The exact aetiology of prostate cancer is unknown. However, several aetiological factors have been suggested.

High-fat diet

First proposed as a potential contributing factor for prostate cancer after a study of Asian immigrants living in the US found that they had a higher incidence of prostate cancer than men living in Japan or China.[12][13]​​ Several studies have reported that high-fat diets may increase the risk of prostate cancer.[14][15][16][17]​​ However, the evidence is inconsistent and the exact mechanisms are unclear.[15][16][17][18][19]

Genetic factors

Risk of prostate cancer is increased in men with a positive family history of prostate cancer.[20] One meta-analysis reported a pooled relative risk (RR) of 2.48 in men with one first-degree relative (brother or father) with prostate cancer compared with no first-degree family history.[20] Risk was higher if the first-degree relative was a brother (RR 3.14) rather than a father (RR 2.35). A RR of 4.39 was reported in men with two or more first-degree relatives with a history of prostate cancer. 

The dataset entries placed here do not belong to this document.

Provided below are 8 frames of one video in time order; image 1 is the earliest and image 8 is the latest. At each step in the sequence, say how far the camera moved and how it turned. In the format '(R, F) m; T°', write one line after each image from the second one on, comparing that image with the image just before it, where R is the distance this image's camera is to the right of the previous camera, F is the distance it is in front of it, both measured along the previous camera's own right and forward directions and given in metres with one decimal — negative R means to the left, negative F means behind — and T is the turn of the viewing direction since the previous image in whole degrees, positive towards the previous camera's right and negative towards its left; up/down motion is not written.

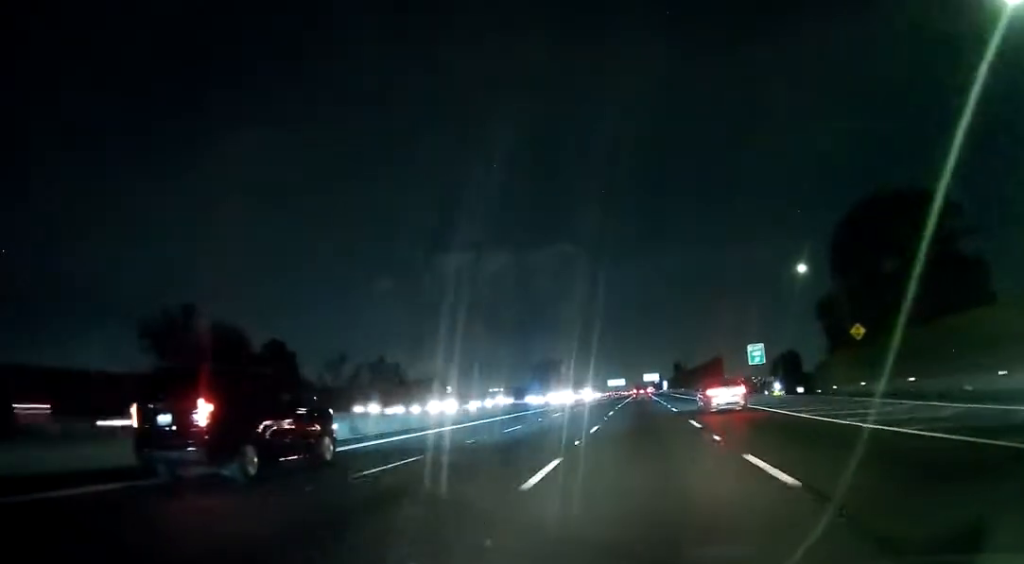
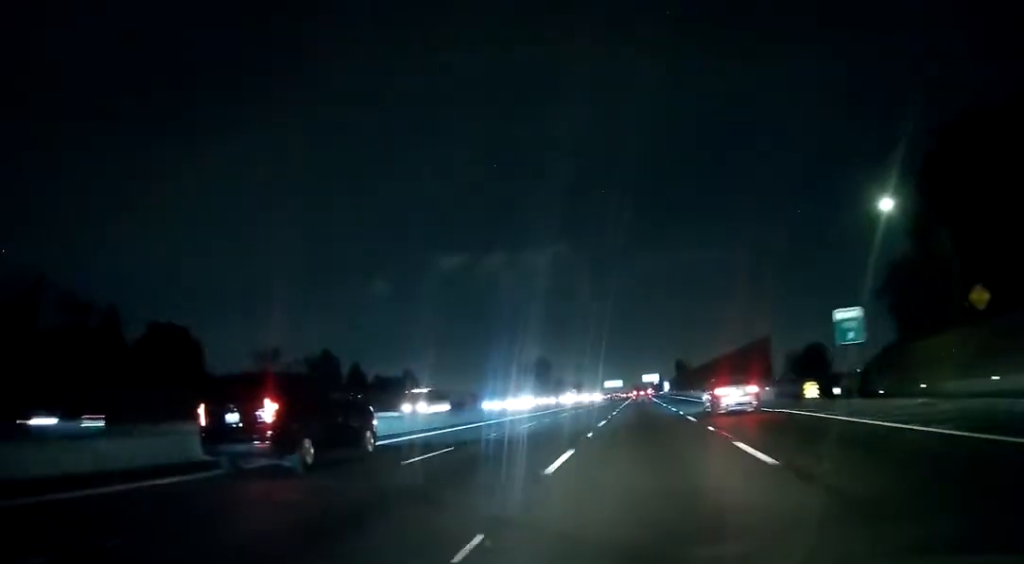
(-0.4, +26.0) m; 0°
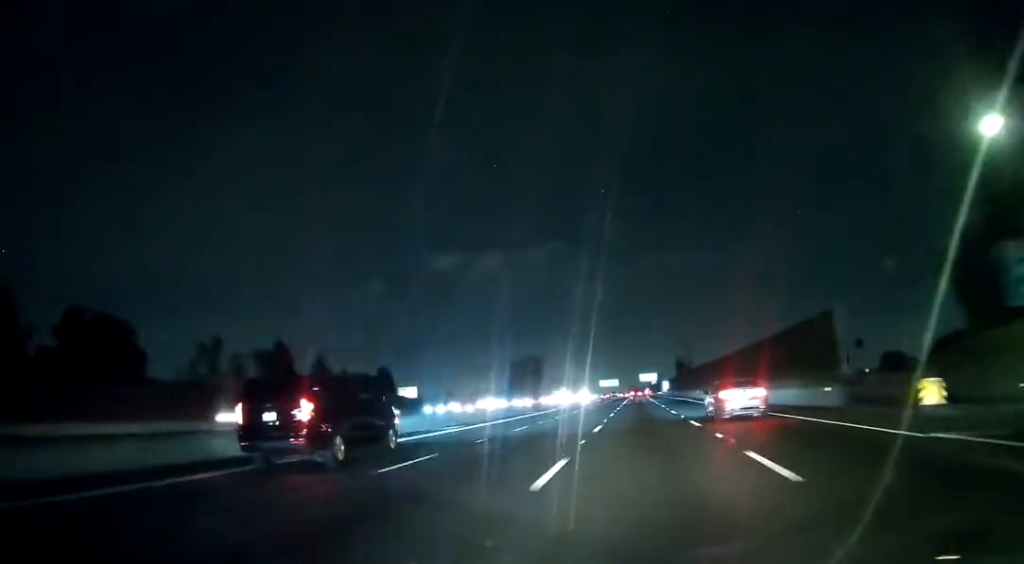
(+0.3, +17.1) m; +1°
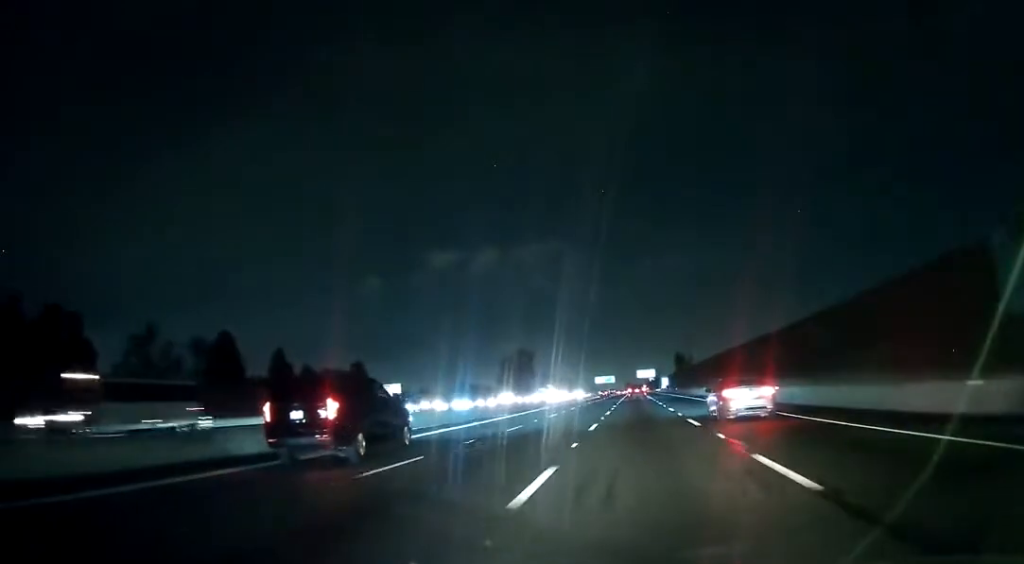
(+0.1, +15.1) m; +1°
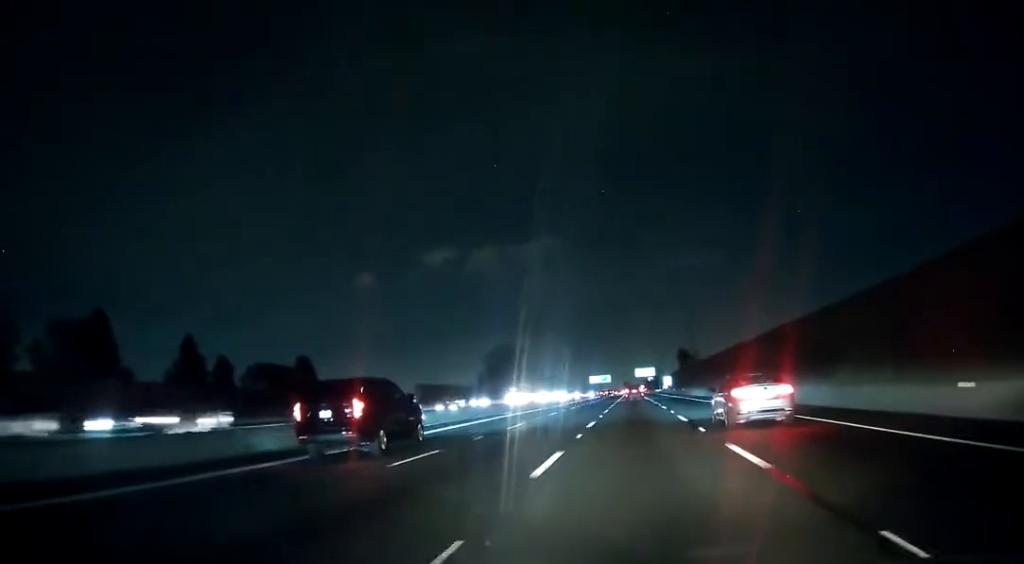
(+0.2, +27.2) m; 0°
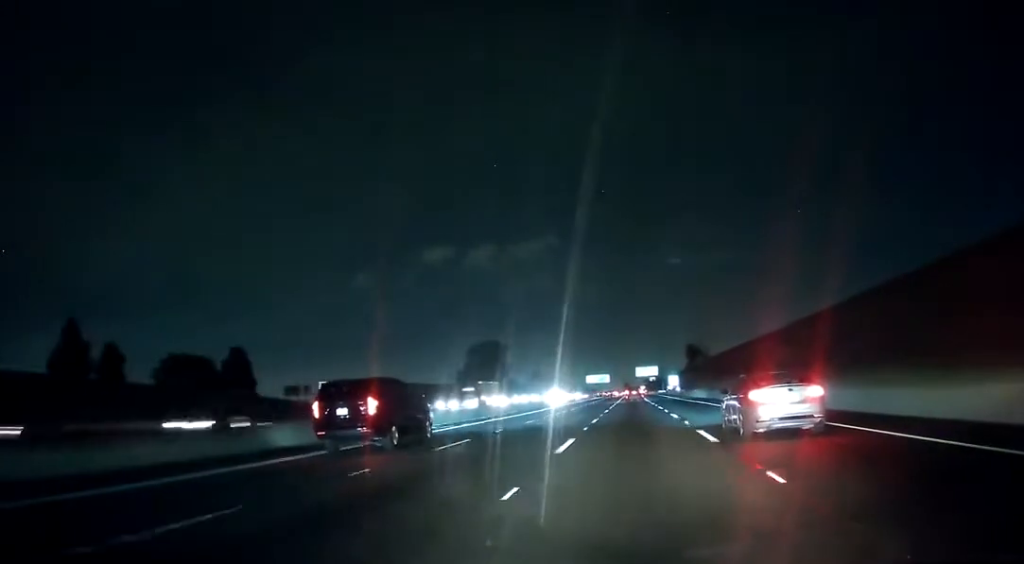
(+0.1, +25.5) m; -1°
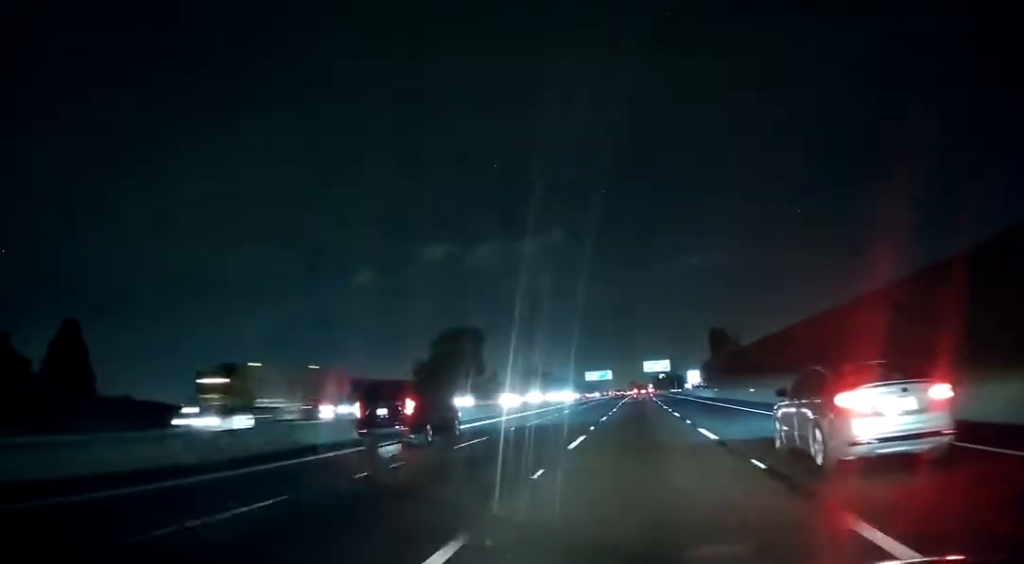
(-0.6, +42.4) m; 0°
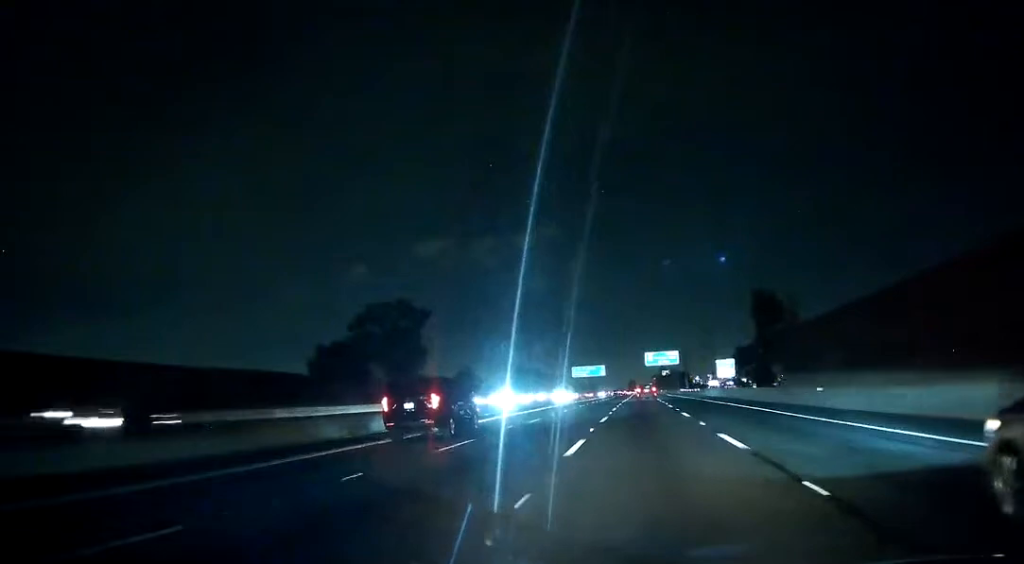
(+0.2, +47.9) m; 0°

The genetic basis for this hereditary cause is unclear, but prostate-cancer specific germline mutations (e.g., HOXB13) have been implicated.[21] Germline mutations that increase the risk of prostate and other cancers have been identified:[22][23][24]

  • Homologous recombination DNA repair gene mutations (e.g., BRCA1, BRCA2, ATM, CHEK2, PALB2, RAD51D)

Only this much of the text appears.